As former Gov. John Hickenlooper puts the defibrillator to his gasping presidential campaign, it’s useful to consider how he’s arrived at this low point.
After all, this is the guy The New York Times has lavished with attention for years.
Columnist Frank Bruni wrote a magazine piece about him in 2011 in which Hickenlooper clearly outlined the political philosophy that has brought him to this position of raging irrelevance.
“What a politician needs to be successful here is to not land in the middle of partisan political battles,” he told Bruni.
With that approach, he said, “I think I can be beloved.”
In a competition with a golden retriever maybe, but as a presidential contender in a race against Trump?
The transcript from his ephemeral appearance on the debate stage June 27 with nine unapologetically partisan Democratic opponents demonstrates just how well this strategy is working.
Our popular, aw-shucks, devoutly middle-of-the-road governor stood out as bland, eager to please and fearful of power.
Here in Colorado, we always knew he was reluctant to take a stand. On the debate stage, he appeared more than reluctant. It looked like he was terrified that one of the moderators might call on him.
In fairness, he had one juicy applause line when he was asked to comment on the atrocities at the border. “In Colorado, we call that kidnapping,” he said.
But then, having skillfully teed up the audience’s attention, he whiffed it away.
He said he wants to “make sure that ICE is completely reformed” and that they’re “looking at their job in a humanitarian way,” which leads us all to believe that he’s fine with incarceration of desperate people seeking refuge in the U.S. as long as they get clean water and medical care during their indefinite confinement in internment camps.
If he has any ideas for comprehensive immigration reform or dealing with the waves of climate refugees worldwide, he kept them to himself.
Later he was asked about his signature campaign message: socialism is for losers.
He dismissed the Green New Deal as a program to “promise every American a government job.” He bragged that we achieved “near universal health care coverage” in Colorado by working with private insurance companies.
He said the state’s rules on methane capture were a remarkable achievement in climate action and were achieved by collaborating with the oil and gas industry. And he suggested that the state deserved credit for a program that reduced teen pregnancies by 54 percent.
No one challenged this litany of accomplishment because it is mostly irrelevant in the context of the national conversation.
It’s also not exactly true.
The reason the Green New Deal has a jobs component as well as a climate action agenda is the very same reason the Hickenlooper administration did not support efforts to end mining coal in Colorado despite its dramatic and indisputable impact on climate.

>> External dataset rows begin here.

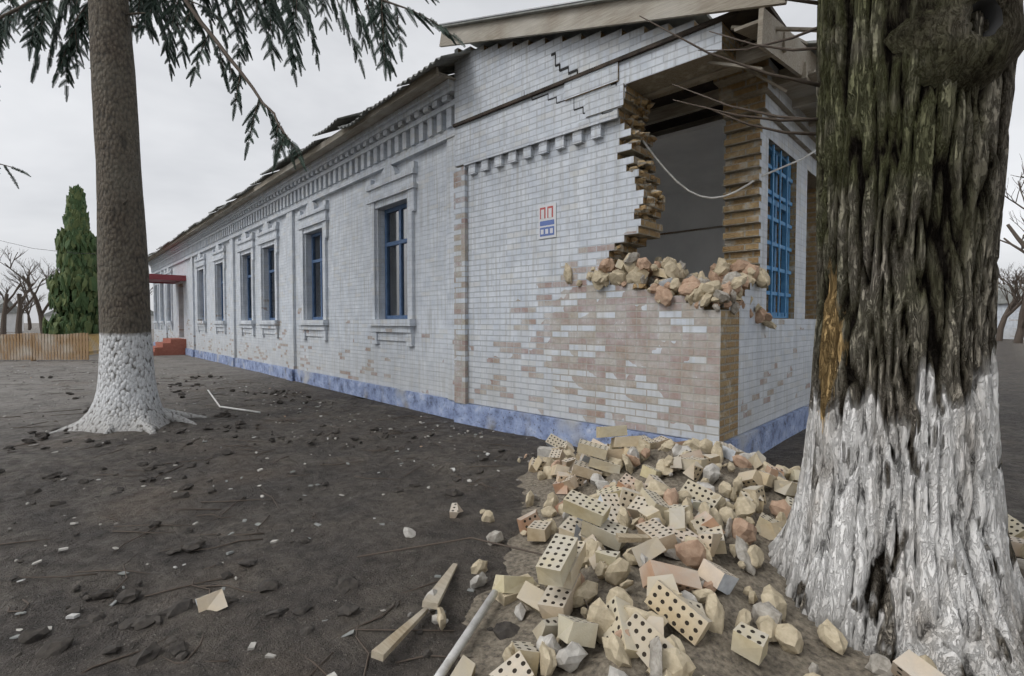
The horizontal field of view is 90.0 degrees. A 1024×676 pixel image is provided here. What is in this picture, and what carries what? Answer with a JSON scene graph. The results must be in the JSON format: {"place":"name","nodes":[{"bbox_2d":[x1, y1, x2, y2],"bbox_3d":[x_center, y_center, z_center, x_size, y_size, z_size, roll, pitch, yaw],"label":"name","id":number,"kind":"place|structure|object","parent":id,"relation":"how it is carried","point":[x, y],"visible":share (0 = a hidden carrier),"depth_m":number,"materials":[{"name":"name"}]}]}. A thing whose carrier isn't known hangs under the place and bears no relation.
{"place":"outdoors","nodes":[
{"label":"outdoors","id":0,"kind":"place"},
{"bbox_2d":[0,323,1023,675],"bbox_3d":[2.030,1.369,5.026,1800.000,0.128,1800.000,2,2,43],"label":"ground","id":1,"kind":"structure","parent":0,"point":[318,565],"depth_m":3.93,"materials":[{"name":"black soil"}]},
{"bbox_2d":[0,333,89,360],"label":"picket fence","id":2,"kind":"object","parent":1,"relation":"on","point":[41,350],"visible":1,"depth_m":19.60,"materials":[{"name":"brown wood"}]},
{"bbox_2d":[42,184,98,346],"bbox_3d":[-26.148,-4.363,30.855,3.444,9.784,3.386,2,2,43],"label":"thuja","id":3,"kind":"object","parent":1,"relation":"on","point":[72,287],"visible":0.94,"depth_m":30.09,"materials":[{"name":"green plant"}]},
{"bbox_2d":[0,272,152,329],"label":"tree belt","id":4,"kind":"object","parent":1,"relation":"on","point":[28,314],"visible":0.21,"depth_m":104.45,"materials":[{"name":"brown"}]},
{"bbox_2d":[0,300,153,331],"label":"houses","id":5,"kind":"structure","parent":1,"relation":"on","point":[11,320],"depth_m":77.25,"materials":[{"name":"paint"}]},
{"bbox_2d":[63,334,98,357],"bbox_3d":[-19.282,0.305,23.251,0.237,0.938,4.484,-1,2,-22],"label":"barrier section","id":6,"kind":"object","parent":1,"relation":"on","point":[94,346],"visible":0.34,"depth_m":23.81,"materials":[{"name":"yellow wood"}]},
{"bbox_2d":[149,274,185,355],"bbox_3d":[-16.221,-1.046,23.748,2.000,3.600,2.700,-2,2,-42],"label":"porch","id":7,"kind":"object","parent":1,"relation":"on","point":[171,346],"visible":0.45,"depth_m":23.14,"materials":[{"name":"red"}]},
{"bbox_2d":[0,0,464,434],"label":"spruce","id":8,"kind":"object","parent":1,"relation":"on","point":[126,397],"depth_m":7.14,"materials":[{"name":"brown plant"}]},
{"bbox_2d":[0,357,575,675],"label":"yard debris","id":9,"kind":"object","parent":1,"relation":"on","point":[178,648],"visible":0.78,"depth_m":2.97,"materials":[{"name":"grey stone"}]},
{"bbox_2d":[153,342,453,419],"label":"plinth","id":10,"kind":"structure","parent":1,"relation":"on","point":[432,404],"depth_m":10.55,"materials":[{"name":"blue paint"}]},
{"bbox_2d":[148,79,456,400],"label":"masonry wall","id":11,"kind":"structure","parent":10,"relation":"on","point":[342,197],"depth_m":10.71,"materials":[{"name":"brick"}]},
{"bbox_2d":[0,240,93,253],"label":"power line","id":12,"kind":"object","parent":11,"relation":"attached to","point":[52,250],"visible":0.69,"depth_m":31.21,"materials":[{"name":"black rubber"}]},
{"bbox_2d":[203,203,407,320],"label":"windows","id":13,"kind":"structure","parent":11,"relation":"attached to","point":[396,305],"depth_m":9.71,"materials":[{"name":"blue glass"}]},
{"bbox_2d":[148,45,492,261],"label":"roof slates","id":14,"kind":"object","parent":11,"relation":"on","point":[436,72],"visible":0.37,"depth_m":9.72,"materials":[{"name":"grey stone"}]},
{"bbox_2d":[0,156,1023,342],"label":"bare trees","id":15,"kind":"object","parent":1,"relation":"on","point":[1014,304],"visible":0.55,"depth_m":39.67,"materials":[{"name":"brown plant"}]},
{"bbox_2d":[195,252,1023,675],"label":"rubble mound","id":16,"kind":"object","parent":1,"relation":"on","point":[637,554],"visible":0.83,"depth_m":2.70,"materials":[{"name":"yellow brick"}]},
{"bbox_2d":[454,402,808,453],"bbox_3d":[3.679,1.049,9.608,3.980,0.300,9.050,2,2,43],"label":"plinth","id":17,"kind":"object","parent":1,"relation":"on","point":[764,438],"visible":0.32,"depth_m":6.46,"materials":[{"name":"blue paint"}]},
{"bbox_2d":[454,20,742,441],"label":"masonry wall","id":18,"kind":"structure","parent":17,"relation":"on","point":[535,332],"depth_m":6.10,"materials":[{"name":"brick"}]},
{"bbox_2d":[539,203,555,238],"bbox_3d":[0.441,-1.462,6.417,0.280,0.420,0.014,2,2,43],"label":"wall sign","id":19,"kind":"object","parent":18,"relation":"attached to","point":[547,220],"visible":1,"depth_m":6.41,"materials":[{"name":"grey"}]},
{"bbox_2d":[453,7,786,278],"bbox_3d":[2.627,-1.171,8.125,4.280,3.930,5.650,2,2,43],"label":"room interior","id":20,"kind":"object","parent":18,"relation":"attached to","point":[692,160],"visible":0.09,"depth_m":8.47,"materials":[{"name":"paint"}]},
{"bbox_2d":[712,58,816,434],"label":"masonry wall","id":21,"kind":"structure","parent":17,"relation":"on","point":[775,372],"depth_m":5.96,"materials":[{"name":"brick"}]},
{"bbox_2d":[439,0,816,136],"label":"roof eave","id":22,"kind":"object","parent":21,"relation":"on","point":[571,19],"visible":0.3,"depth_m":5.62,"materials":[{"name":"grey wood"}]},
{"bbox_2d":[642,140,815,198],"bbox_3d":[2.726,-1.992,5.889,2.516,0.850,0.340,0,2,-12],"label":"hanging cable","id":23,"kind":"object","parent":21,"relation":"attached to","point":[684,187],"visible":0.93,"depth_m":5.77,"materials":[{"name":"white plastic"}]},
{"bbox_2d":[766,145,792,317],"bbox_3d":[3.294,-1.302,6.417,0.125,2.100,1.160,2,2,43],"label":"grille window","id":24,"kind":"structure","parent":21,"relation":"attached to","point":[775,206],"depth_m":6.42,"materials":[{"name":"blue metal"}]},
{"bbox_2d":[768,0,1023,675],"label":"tree trunk","id":25,"kind":"object","parent":1,"relation":"on","point":[891,541],"visible":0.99,"depth_m":2.26,"materials":[{"name":"brown plant"}]},
{"bbox_2d":[639,0,1023,135],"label":"tree knot and twigs","id":26,"kind":"object","parent":25,"relation":"attached to","point":[944,39],"visible":0.88,"depth_m":2.13,"materials":[{"name":"brown plant"}]},
{"bbox_2d":[995,284,1023,339],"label":"outbuilding","id":27,"kind":"structure","parent":1,"relation":"on","point":[1010,328],"depth_m":44.62,"materials":[{"name":"paint"}]},
{"bbox_2d":[0,0,1023,322],"label":"sky","id":28,"kind":"structure","parent":0,"point":[192,150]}
]}

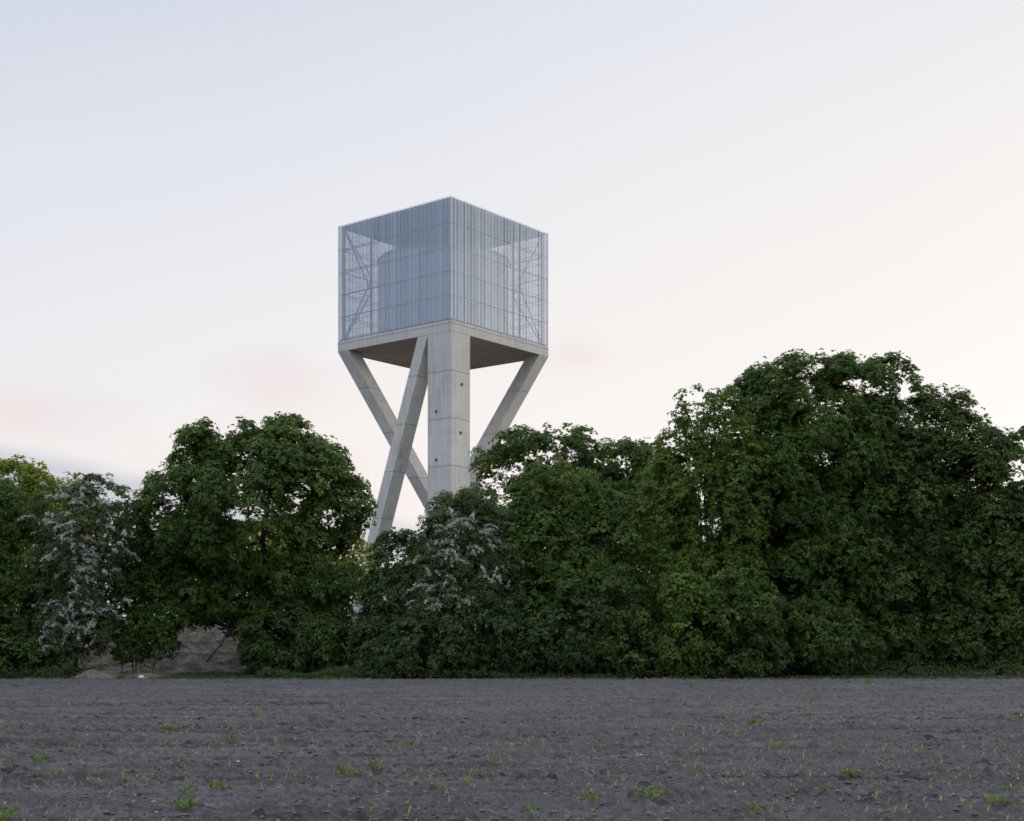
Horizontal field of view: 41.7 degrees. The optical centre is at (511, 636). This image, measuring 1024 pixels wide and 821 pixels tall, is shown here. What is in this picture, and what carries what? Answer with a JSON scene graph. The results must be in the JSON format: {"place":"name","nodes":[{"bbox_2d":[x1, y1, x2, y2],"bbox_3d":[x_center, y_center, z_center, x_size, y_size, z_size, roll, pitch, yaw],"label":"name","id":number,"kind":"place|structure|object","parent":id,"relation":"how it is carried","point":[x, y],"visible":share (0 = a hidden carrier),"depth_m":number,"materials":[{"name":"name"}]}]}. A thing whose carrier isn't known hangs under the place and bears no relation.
{"place":"outdoors","nodes":[
{"label":"outdoors","id":0,"kind":"place"},
{"bbox_2d":[15,616,362,674],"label":"hill","id":1,"kind":"structure","parent":0,"point":[187,659],"depth_m":67.04,"materials":[{"name":"soil"}]},
{"bbox_2d":[69,618,361,672],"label":"weeds","id":2,"kind":"object","parent":1,"relation":"on","point":[191,651],"visible":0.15,"depth_m":66.25,"materials":[{"name":"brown plant"}]},
{"bbox_2d":[0,677,1023,820],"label":"field","id":3,"kind":"structure","parent":0,"point":[317,693],"depth_m":21.43,"materials":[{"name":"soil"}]},
{"bbox_2d":[0,805,21,819],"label":"weed","id":4,"kind":"object","parent":3,"relation":"on","point":[12,812],"visible":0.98,"depth_m":13.28,"materials":[{"name":"green plant"}]},
{"bbox_2d":[29,754,46,760],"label":"weed","id":5,"kind":"object","parent":3,"relation":"on","point":[38,757],"visible":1,"depth_m":18.78,"materials":[{"name":"green plant"}]},
{"bbox_2d":[160,724,178,730],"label":"weed","id":6,"kind":"object","parent":3,"relation":"on","point":[169,727],"visible":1,"depth_m":25.35,"materials":[{"name":"green plant"}]},
{"bbox_2d":[170,794,197,809],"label":"weed","id":7,"kind":"object","parent":3,"relation":"on","point":[188,801],"visible":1,"depth_m":13.90,"materials":[{"name":"green plant"}]},
{"bbox_2d":[178,785,197,791],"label":"weed","id":8,"kind":"object","parent":3,"relation":"on","point":[186,788],"visible":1,"depth_m":15.29,"materials":[{"name":"green plant"}]},
{"bbox_2d":[209,779,230,789],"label":"weed","id":9,"kind":"object","parent":3,"relation":"on","point":[216,787],"visible":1,"depth_m":15.42,"materials":[{"name":"green plant"}]},
{"bbox_2d":[222,732,237,741],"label":"weed","id":10,"kind":"object","parent":3,"relation":"on","point":[231,736],"visible":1,"depth_m":22.25,"materials":[{"name":"green plant"}]},
{"bbox_2d":[330,762,349,773],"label":"weed","id":11,"kind":"object","parent":3,"relation":"on","point":[342,770],"visible":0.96,"depth_m":17.46,"materials":[{"name":"green plant"}]},
{"bbox_2d":[350,769,362,776],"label":"weed","id":12,"kind":"object","parent":3,"relation":"on","point":[354,773],"visible":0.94,"depth_m":17.08,"materials":[{"name":"green plant"}]},
{"bbox_2d":[367,762,382,768],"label":"weed","id":13,"kind":"object","parent":3,"relation":"on","point":[375,765],"visible":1,"depth_m":17.54,"materials":[{"name":"green plant"}]},
{"bbox_2d":[401,739,417,745],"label":"weed","id":14,"kind":"object","parent":3,"relation":"on","point":[407,741],"visible":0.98,"depth_m":21.83,"materials":[{"name":"green plant"}]},
{"bbox_2d":[424,779,438,788],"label":"weed","id":15,"kind":"object","parent":3,"relation":"on","point":[432,784],"visible":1,"depth_m":15.76,"materials":[{"name":"green plant"}]},
{"bbox_2d":[489,757,499,762],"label":"weed","id":16,"kind":"object","parent":3,"relation":"on","point":[494,759],"visible":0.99,"depth_m":18.73,"materials":[{"name":"green plant"}]},
{"bbox_2d":[0,694,1023,820],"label":"maize seedlings","id":17,"kind":"object","parent":3,"relation":"on","point":[1,722],"visible":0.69,"depth_m":22.49,"materials":[{"name":"green plant"}]},
{"bbox_2d":[520,805,539,812],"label":"weed","id":18,"kind":"object","parent":3,"relation":"on","point":[527,809],"visible":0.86,"depth_m":13.64,"materials":[{"name":"green plant"}]},
{"bbox_2d":[577,791,599,802],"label":"weed","id":19,"kind":"object","parent":3,"relation":"on","point":[591,796],"visible":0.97,"depth_m":14.23,"materials":[{"name":"green plant"}]},
{"bbox_2d":[637,785,665,798],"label":"weed","id":20,"kind":"object","parent":3,"relation":"on","point":[652,795],"visible":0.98,"depth_m":14.47,"materials":[{"name":"green plant"}]},
{"bbox_2d":[691,766,704,774],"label":"weed","id":21,"kind":"object","parent":3,"relation":"on","point":[695,771],"visible":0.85,"depth_m":17.53,"materials":[{"name":"green plant"}]},
{"bbox_2d":[747,802,763,811],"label":"weed","id":22,"kind":"object","parent":3,"relation":"on","point":[759,808],"visible":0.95,"depth_m":13.65,"materials":[{"name":"green plant"}]},
{"bbox_2d":[747,716,763,724],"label":"weed","id":23,"kind":"object","parent":3,"relation":"on","point":[753,721],"visible":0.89,"depth_m":27.22,"materials":[{"name":"green plant"}]},
{"bbox_2d":[772,740,792,746],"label":"weed","id":24,"kind":"object","parent":3,"relation":"on","point":[781,743],"visible":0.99,"depth_m":21.17,"materials":[{"name":"green plant"}]},
{"bbox_2d":[840,768,861,775],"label":"weed","id":25,"kind":"object","parent":3,"relation":"on","point":[846,772],"visible":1,"depth_m":17.18,"materials":[{"name":"green plant"}]},
{"bbox_2d":[861,678,875,684],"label":"weed","id":26,"kind":"object","parent":3,"relation":"on","point":[869,681],"visible":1,"depth_m":47.90,"materials":[{"name":"green plant"}]},
{"bbox_2d":[985,794,1013,804],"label":"weed","id":27,"kind":"object","parent":3,"relation":"on","point":[1002,800],"visible":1,"depth_m":14.02,"materials":[{"name":"green plant"}]},
{"bbox_2d":[1002,782,1017,790],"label":"weed","id":28,"kind":"object","parent":3,"relation":"on","point":[1006,786],"visible":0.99,"depth_m":15.66,"materials":[{"name":"green plant"}]},
{"bbox_2d":[0,0,1023,629],"label":"sky","id":29,"kind":"structure","parent":0,"point":[716,188],"materials":[{"name":"white"}]},
{"bbox_2d":[8,664,1023,678],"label":"verge","id":30,"kind":"structure","parent":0,"point":[928,674],"depth_m":63.20,"materials":[{"name":"green plant"}]},
{"bbox_2d":[0,478,58,672],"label":"tree","id":31,"kind":"object","parent":30,"relation":"on","point":[9,593],"visible":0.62,"depth_m":59.25,"materials":[{"name":"green plant"}]},
{"bbox_2d":[0,618,66,677],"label":"shrub","id":32,"kind":"object","parent":30,"relation":"on","point":[6,662],"visible":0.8,"depth_m":58.27,"materials":[{"name":"green plant"}]},
{"bbox_2d":[13,472,141,675],"bbox_3d":[-19.131,-2.587,59.141,5.598,9.412,4.665,0,0,0],"label":"hawthorn","id":33,"kind":"object","parent":30,"relation":"on","point":[77,609],"visible":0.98,"depth_m":58.58,"materials":[{"name":"green plant"}]},
{"bbox_2d":[70,667,130,678],"bbox_3d":[-17.475,1.691,57.665,2.619,0.844,2.305,0,0,0],"label":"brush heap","id":34,"kind":"object","parent":30,"relation":"on","point":[96,673],"visible":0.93,"depth_m":57.30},
{"bbox_2d":[99,484,161,673],"bbox_3d":[-17.396,-2.430,61.018,3.248,9.067,2.643,0,0,0],"label":"shrub","id":35,"kind":"object","parent":30,"relation":"on","point":[126,505],"visible":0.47,"depth_m":60.54,"materials":[{"name":"green plant"}]},
{"bbox_2d":[122,668,178,678],"bbox_3d":[-15.449,1.633,57.919,2.600,0.567,2.057,0,0,0],"label":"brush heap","id":36,"kind":"object","parent":30,"relation":"on","point":[145,675],"visible":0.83,"depth_m":57.44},
{"bbox_2d":[109,597,193,672],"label":"shrub","id":37,"kind":"object","parent":30,"relation":"on","point":[153,625],"visible":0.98,"depth_m":59.85,"materials":[{"name":"green plant"}]},
{"bbox_2d":[115,411,378,674],"bbox_3d":[-12.203,-4.292,62.370,10.681,12.560,9.950,0,0,-40],"label":"tree","id":38,"kind":"object","parent":30,"relation":"on","point":[183,553],"visible":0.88,"depth_m":60.58,"materials":[{"name":"green plant"}]},
{"bbox_2d":[206,610,236,661],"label":"dead branch","id":39,"kind":"object","parent":38,"relation":"attached to","point":[217,648],"visible":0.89,"depth_m":60.97,"materials":[{"name":"brown wood"}]},
{"bbox_2d":[234,595,361,675],"bbox_3d":[-9.573,0.097,60.551,5.798,4.037,3.762,0,0,0],"label":"shrub","id":40,"kind":"object","parent":30,"relation":"on","point":[311,646],"visible":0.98,"depth_m":59.62,"materials":[{"name":"green plant"}]},
{"bbox_2d":[347,526,445,676],"bbox_3d":[-5.041,-1.437,60.492,4.870,7.094,3.417,0,0,0],"label":"shrub","id":41,"kind":"object","parent":30,"relation":"on","point":[377,612],"visible":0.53,"depth_m":59.56,"materials":[{"name":"green plant"}]},
{"bbox_2d":[351,614,462,678],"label":"shrub","id":42,"kind":"object","parent":30,"relation":"on","point":[392,648],"visible":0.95,"depth_m":57.65,"materials":[{"name":"green plant"}]},
{"bbox_2d":[389,482,526,677],"bbox_3d":[-2.394,-2.382,59.664,6.231,8.986,4.688,0,0,0],"label":"hawthorn","id":43,"kind":"object","parent":30,"relation":"on","point":[468,549],"visible":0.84,"depth_m":58.84,"materials":[{"name":"green plant"}]},
{"bbox_2d":[421,564,549,677],"bbox_3d":[-1.151,-0.537,59.191,5.749,5.311,4.056,0,0,0],"label":"shrub","id":44,"kind":"object","parent":30,"relation":"on","point":[493,652],"visible":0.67,"depth_m":58.11,"materials":[{"name":"green plant"}]},
{"bbox_2d":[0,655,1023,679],"bbox_3d":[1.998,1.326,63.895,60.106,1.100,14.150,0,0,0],"label":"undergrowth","id":45,"kind":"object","parent":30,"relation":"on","point":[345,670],"visible":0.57,"depth_m":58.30,"materials":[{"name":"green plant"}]},
{"bbox_2d":[450,422,621,596],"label":"tree","id":46,"kind":"object","parent":30,"relation":"on","point":[510,451],"visible":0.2,"depth_m":77.37,"materials":[{"name":"green plant"}]},
{"bbox_2d":[501,577,623,676],"bbox_3d":[2.208,-0.234,58.327,5.374,4.703,3.386,0,0,0],"label":"shrub","id":47,"kind":"object","parent":30,"relation":"on","point":[575,656],"visible":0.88,"depth_m":57.46,"materials":[{"name":"green plant"}]},
{"bbox_2d":[491,453,646,669],"bbox_3d":[2.479,-3.205,61.389,7.391,10.332,6.271,0,0,0],"label":"tree","id":48,"kind":"object","parent":30,"relation":"on","point":[572,521],"visible":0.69,"depth_m":60.35,"materials":[{"name":"green plant"}]},
{"bbox_2d":[471,581,669,667],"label":"tree","id":49,"kind":"object","parent":30,"relation":"on","point":[656,621],"depth_m":74.77,"materials":[{"name":"green plant"}]},
{"bbox_2d":[563,562,681,677],"bbox_3d":[4.821,-0.568,58.491,5.121,5.371,3.786,0,0,0],"label":"shrub","id":50,"kind":"object","parent":30,"relation":"on","point":[622,651],"visible":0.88,"depth_m":57.60,"materials":[{"name":"green plant"}]},
{"bbox_2d":[584,436,705,620],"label":"tree","id":51,"kind":"object","parent":30,"relation":"on","point":[635,455],"visible":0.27,"depth_m":75.80,"materials":[{"name":"green plant"}]},
{"bbox_2d":[652,567,730,677],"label":"shrub","id":52,"kind":"object","parent":30,"relation":"on","point":[684,605],"visible":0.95,"depth_m":57.31,"materials":[{"name":"green plant"}]},
{"bbox_2d":[620,383,774,676],"bbox_3d":[8.571,-4.797,62.114,7.444,13.811,5.345,0,0,0],"label":"tree","id":53,"kind":"object","parent":30,"relation":"on","point":[665,504],"visible":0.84,"depth_m":61.21,"materials":[{"name":"green plant"}]},
{"bbox_2d":[647,503,789,666],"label":"tree","id":54,"kind":"object","parent":30,"relation":"on","point":[713,530],"visible":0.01,"depth_m":76.06,"materials":[{"name":"green plant"}]},
{"bbox_2d":[687,568,794,677],"bbox_3d":[9.957,-0.453,58.444,4.664,5.139,3.858,0,0,0],"label":"shrub","id":55,"kind":"object","parent":30,"relation":"on","point":[757,607],"visible":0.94,"depth_m":57.51,"materials":[{"name":"green plant"}]},
{"bbox_2d":[694,348,914,674],"bbox_3d":[14.063,-5.903,64.464,10.649,15.837,7.827,0,0,0],"label":"tree","id":56,"kind":"object","parent":30,"relation":"on","point":[805,488],"visible":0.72,"depth_m":62.44,"materials":[{"name":"green plant"}]},
{"bbox_2d":[750,597,885,676],"bbox_3d":[13.592,0.147,60.490,6.529,3.948,4.346,0,0,0],"label":"shrub","id":57,"kind":"object","parent":30,"relation":"on","point":[826,632],"visible":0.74,"depth_m":59.28,"materials":[{"name":"green plant"}]},
{"bbox_2d":[825,350,1003,674],"bbox_3d":[19.261,-5.934,64.972,9.388,15.845,6.766,0,0,0],"label":"tree","id":58,"kind":"object","parent":30,"relation":"on","point":[920,577],"visible":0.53,"depth_m":62.99,"materials":[{"name":"green plant"}]},
{"bbox_2d":[922,413,1023,674],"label":"tree","id":59,"kind":"object","parent":30,"relation":"on","point":[999,608],"visible":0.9,"depth_m":62.13,"materials":[{"name":"green plant"}]},
{"bbox_3d":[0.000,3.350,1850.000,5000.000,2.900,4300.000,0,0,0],"label":"ground","id":60,"kind":"structure","parent":0,"visible":0},
{"bbox_2d":[0,453,107,593],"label":"tree","id":61,"kind":"object","parent":60,"relation":"on","point":[32,475],"visible":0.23,"depth_m":82.47,"materials":[{"name":"green plant"}]},
{"bbox_2d":[153,517,293,594],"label":"tree","id":62,"kind":"object","parent":60,"relation":"on","point":[253,537],"visible":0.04,"depth_m":98.51,"materials":[{"name":"green plant"}]},
{"bbox_2d":[296,537,381,605],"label":"tree","id":63,"kind":"object","parent":60,"relation":"on","point":[362,550],"visible":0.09,"depth_m":95.24,"materials":[{"name":"green plant"}]},
{"bbox_2d":[338,196,547,618],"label":"water tower","id":64,"kind":"structure","parent":60,"relation":"on","point":[441,298],"depth_m":135.03,"materials":[{"name":"concrete"}]}
]}

It’s because coal miners need jobs. So do oil drillers, fracking crews and dozens of other workers in the dirty energy sector. Without what’s commonly known as a “just transition” strategy, climate action simply won’t happen.
“Near universal health care coverage” is a nice talking point, but if you live in rural Colorado, it’s little more than that. Several Colorado counties have among the highest insurance premiums in the country because people have no choice but to pay what the private insurers demand. Then many policyholders can’t afford care because their deductibles are too high and the free market has failed to provide affordable care in their communities.
Colorado’s methane rules are a good start, but their impact is minor compared to the 425 million tons of carbon dioxide produced from burning all the oil and natural gas extracted in Colorado in 2018 when Hickenlooper, known as Frackenlooper in some quarters, was cozying up with the industry.
And then there’s the program to reduce teen pregnancy, which was truly an awesome accomplishment. Too bad state funding for it was nonexistent for years.
The real credit for this achievement belongs with the courageous folks at the Susan Thomas Buffett Foundation, which put up the money to provide long-acting reversible contraceptives across the state in defiance of all the predictable and inevitable political blowback.
Still, despite his flawed campaign so far, it’s hard not to like John Hickenlooper.
He’s a nice guy. He’s the guy on the debate stage that you’d most want to have a beer with.
If you see him on the sidewalk after the debate, you’ll instinctively want to say, “Really, John, it wasn’t that bad.”
But, alas, it was.
Collaboration and compromise are essential components of governing, but they’re not a campaign platform. Voters need to know where candidates stand before they can trust them to act in their interest.
Otherwise the message in all Hickenlooper’s squishy neutrality is that everything is negotiable, nothing is worth fighting for and when it comes to facing down powerful special interests, we’re on our own.
Diane Carman is a Denver communications consultant.